[Data items]
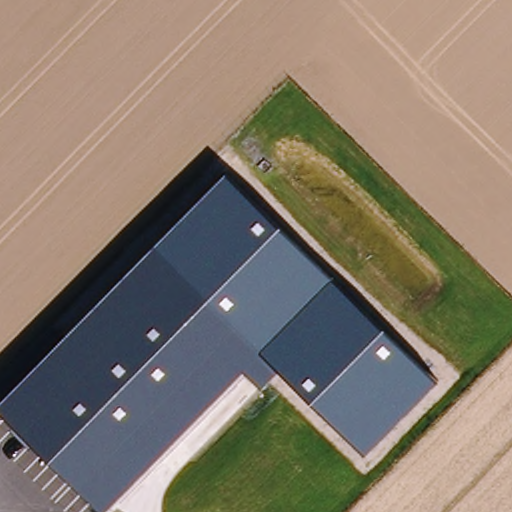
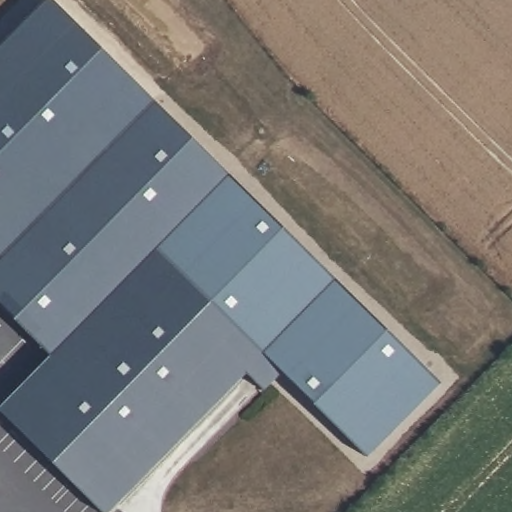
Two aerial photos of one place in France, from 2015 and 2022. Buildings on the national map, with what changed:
new [(0,303),(0,45),(45,0),(54,0),(227,174),(50,353),(0,303)]
unchanged [(227,174),(441,382),(366,456),(279,373),(262,391),(243,375),(105,512),(102,512),(0,410),(0,404),(50,353),(227,174)]

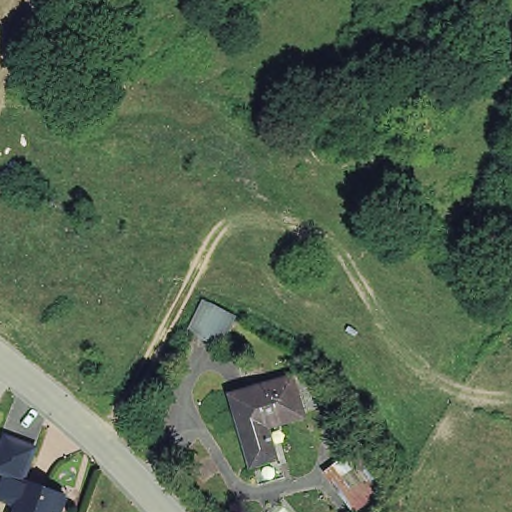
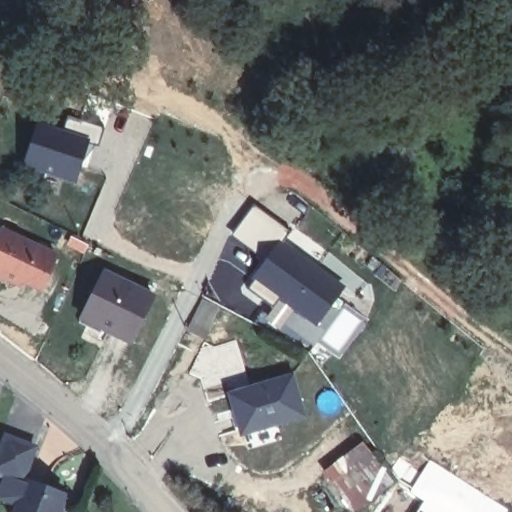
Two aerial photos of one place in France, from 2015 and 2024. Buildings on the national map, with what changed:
new [(89,142),(76,188),(22,170),(35,126),(89,142)]
new [(256,201),(293,229),(284,241),(343,285),(317,320),(282,295),(275,304),(249,286),(272,256),(235,229),(256,201)]
new [(59,253),(43,285),(25,277),(23,281),(0,270),(0,234),(4,227),(59,253)]
new [(81,321),(105,268),(154,294),(131,346),(81,321)]
unchanged [(205,295),(238,313),(224,338),(192,321),(205,295)]
unchanged [(308,372),(328,406),(298,415),(287,378),(308,372)]
unchanged [(247,466),(238,432),(228,395),(287,378),(298,415),(263,426),(272,459),(247,466)]
unchanged [(7,428),(38,439),(27,475),(0,464),(0,443),(7,428)]
unchanged [(343,512),(328,492),(338,484),(329,473),(363,448),(391,485),(359,510),(359,511),(357,512),(343,512)]
new [(401,456),(420,471),(429,459),(507,510),(505,512),(415,512),(422,502),(408,492),(411,486),(390,469),(401,456)]
unchanged [(60,512),(18,512),(33,475),(69,489),(60,512)]

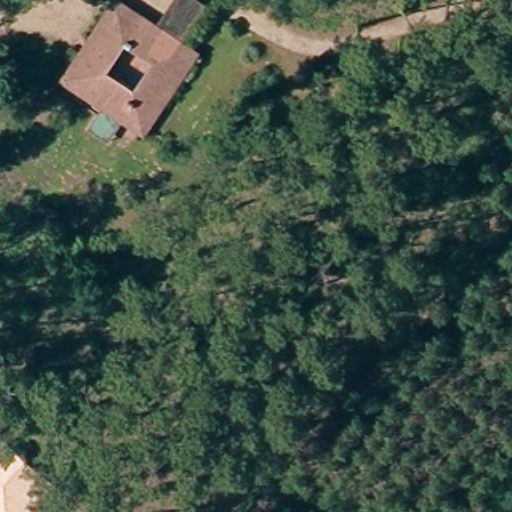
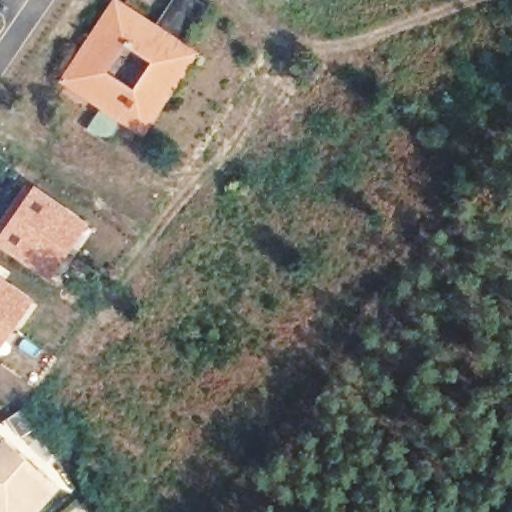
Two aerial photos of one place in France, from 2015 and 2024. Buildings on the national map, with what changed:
unchanged [(194,0),(204,6),(172,51),(147,33),(170,0),(194,0)]
unchanged [(115,130),(99,149),(90,142),(96,137),(85,127),(99,107),(101,104),(62,76),(110,6),(147,33),(172,51),(181,58),(132,127),(117,116),(114,120),(110,127),(115,130)]
new [(90,222),(50,282),(0,247),(0,230),(32,182),(90,222)]
new [(0,348),(0,275),(35,299),(0,348)]
new [(23,405),(37,425),(20,437),(6,418),(23,405)]
unchanged [(0,443),(2,440),(59,488),(37,512),(0,512),(0,443)]

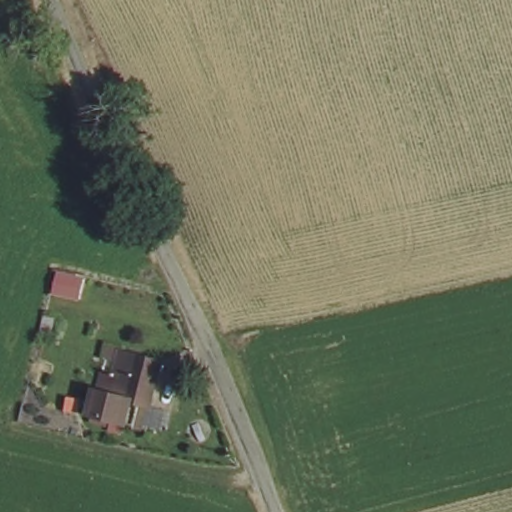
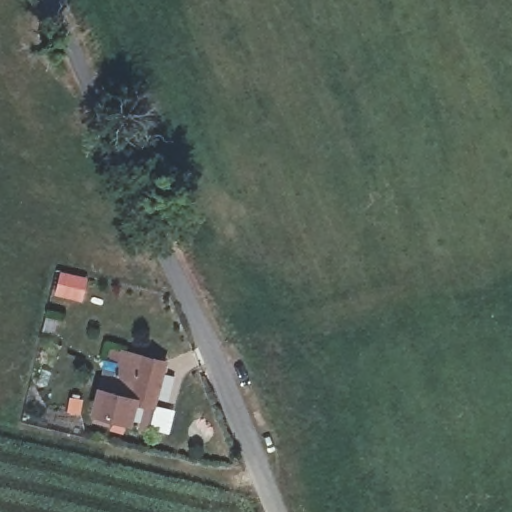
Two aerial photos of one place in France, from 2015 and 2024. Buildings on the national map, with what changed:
unchanged [(138,426),(94,415),(99,389),(116,393),(125,351),(168,361),(161,402),(153,401),(148,429),(138,426)]

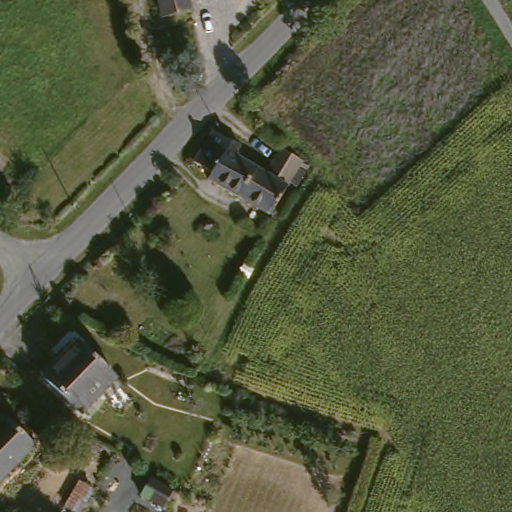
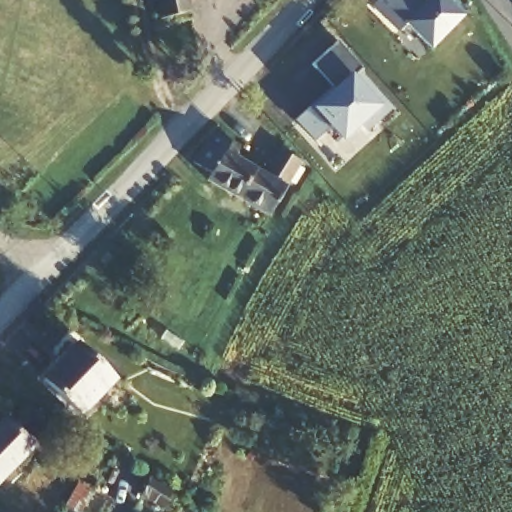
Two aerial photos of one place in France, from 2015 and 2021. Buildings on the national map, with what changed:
unchanged [(162,19),(157,0),(189,0),(192,12),(162,19)]
new [(417,0),(422,4),(425,0),(443,0),(460,16),(430,48),(404,23),(397,31),(371,6),(376,0),(417,0)]
new [(311,64),(337,40),(362,68),(359,71),(392,108),(368,129),(361,121),(342,137),(329,122),(311,138),(294,119),(312,102),(331,86),(311,64)]
unchanged [(280,149),(303,162),(288,187),(271,216),(208,180),(212,173),(194,163),(214,133),(235,143),(235,146),(240,150),(237,156),(265,174),(280,149)]
unchanged [(44,379),(78,342),(116,379),(81,416),(44,379)]
unchanged [(34,447),(0,482),(0,427),(6,420),(34,447)]
new [(163,481),(186,490),(179,509),(155,499),(163,481)]
unchanged [(94,491),(81,512),(74,512),(66,507),(80,482),(94,491)]

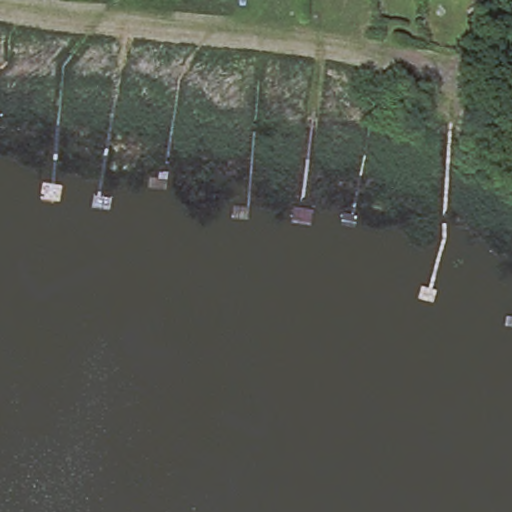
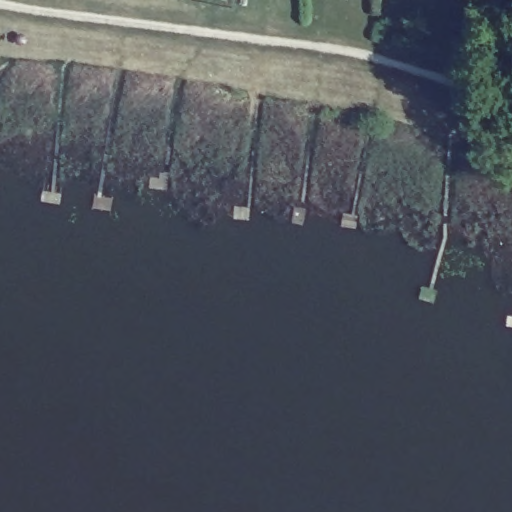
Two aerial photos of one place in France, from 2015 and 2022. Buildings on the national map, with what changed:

_What you should do_. Retype the lines above exactly, no pictures.

_Task output_.
Two aerial photos of one place in France, from 2015 and 2022. Buildings on the national map, with what changed:
new [(0,303),(0,45),(45,0),(54,0),(227,174),(50,353),(0,303)]
unchanged [(227,174),(441,382),(366,456),(279,373),(262,391),(243,375),(105,512),(102,512),(0,410),(0,404),(50,353),(227,174)]

Two aerial photos of one place in France, from 2015 and 2024. Buildings on the national map, with what changed:
new [(89,142),(76,188),(22,170),(35,126),(89,142)]
new [(256,201),(293,229),(284,241),(343,285),(317,320),(282,295),(275,304),(249,286),(272,256),(235,229),(256,201)]
new [(59,253),(43,285),(25,277),(23,281),(0,270),(0,234),(4,227),(59,253)]
new [(81,321),(105,268),(154,294),(131,346),(81,321)]
unchanged [(205,295),(238,313),(224,338),(192,321),(205,295)]
unchanged [(308,372),(328,406),(298,415),(287,378),(308,372)]
unchanged [(247,466),(238,432),(228,395),(287,378),(298,415),(263,426),(272,459),(247,466)]
unchanged [(7,428),(38,439),(27,475),(0,464),(0,443),(7,428)]
unchanged [(343,512),(328,492),(338,484),(329,473),(363,448),(391,485),(359,510),(359,511),(357,512),(343,512)]
new [(401,456),(420,471),(429,459),(507,510),(505,512),(415,512),(422,502),(408,492),(411,486),(390,469),(401,456)]
unchanged [(60,512),(18,512),(33,475),(69,489),(60,512)]

Two aerial photos of one place in France, from 2015 and 2024. Buildings on the national map, with what changed:
unchanged [(194,0),(204,6),(172,51),(147,33),(170,0),(194,0)]
unchanged [(115,130),(99,149),(90,142),(96,137),(85,127),(99,107),(101,104),(62,76),(110,6),(147,33),(172,51),(181,58),(132,127),(117,116),(114,120),(110,127),(115,130)]
new [(90,222),(50,282),(0,247),(0,230),(32,182),(90,222)]
new [(0,348),(0,275),(35,299),(0,348)]
new [(23,405),(37,425),(20,437),(6,418),(23,405)]
unchanged [(0,443),(2,440),(59,488),(37,512),(0,512),(0,443)]

Two aerial photos of one place in France, from 2015 and 2024. Buildings on the national map, with what changed:
unchanged [(138,426),(94,415),(99,389),(116,393),(125,351),(168,361),(161,402),(153,401),(148,429),(138,426)]

Two aerial photos of one place in France, from 2015 and 2021. Buildings on the national map, with what changed:
unchanged [(162,19),(157,0),(189,0),(192,12),(162,19)]
new [(417,0),(422,4),(425,0),(443,0),(460,16),(430,48),(404,23),(397,31),(371,6),(376,0),(417,0)]
new [(311,64),(337,40),(362,68),(359,71),(392,108),(368,129),(361,121),(342,137),(329,122),(311,138),(294,119),(312,102),(331,86),(311,64)]
unchanged [(280,149),(303,162),(288,187),(271,216),(208,180),(212,173),(194,163),(214,133),(235,143),(235,146),(240,150),(237,156),(265,174),(280,149)]
unchanged [(44,379),(78,342),(116,379),(81,416),(44,379)]
unchanged [(34,447),(0,482),(0,427),(6,420),(34,447)]
new [(163,481),(186,490),(179,509),(155,499),(163,481)]
unchanged [(94,491),(81,512),(74,512),(66,507),(80,482),(94,491)]

Two aerial photos of one place in France, from 2015 and 2022. Buildings on the national map, with what changed:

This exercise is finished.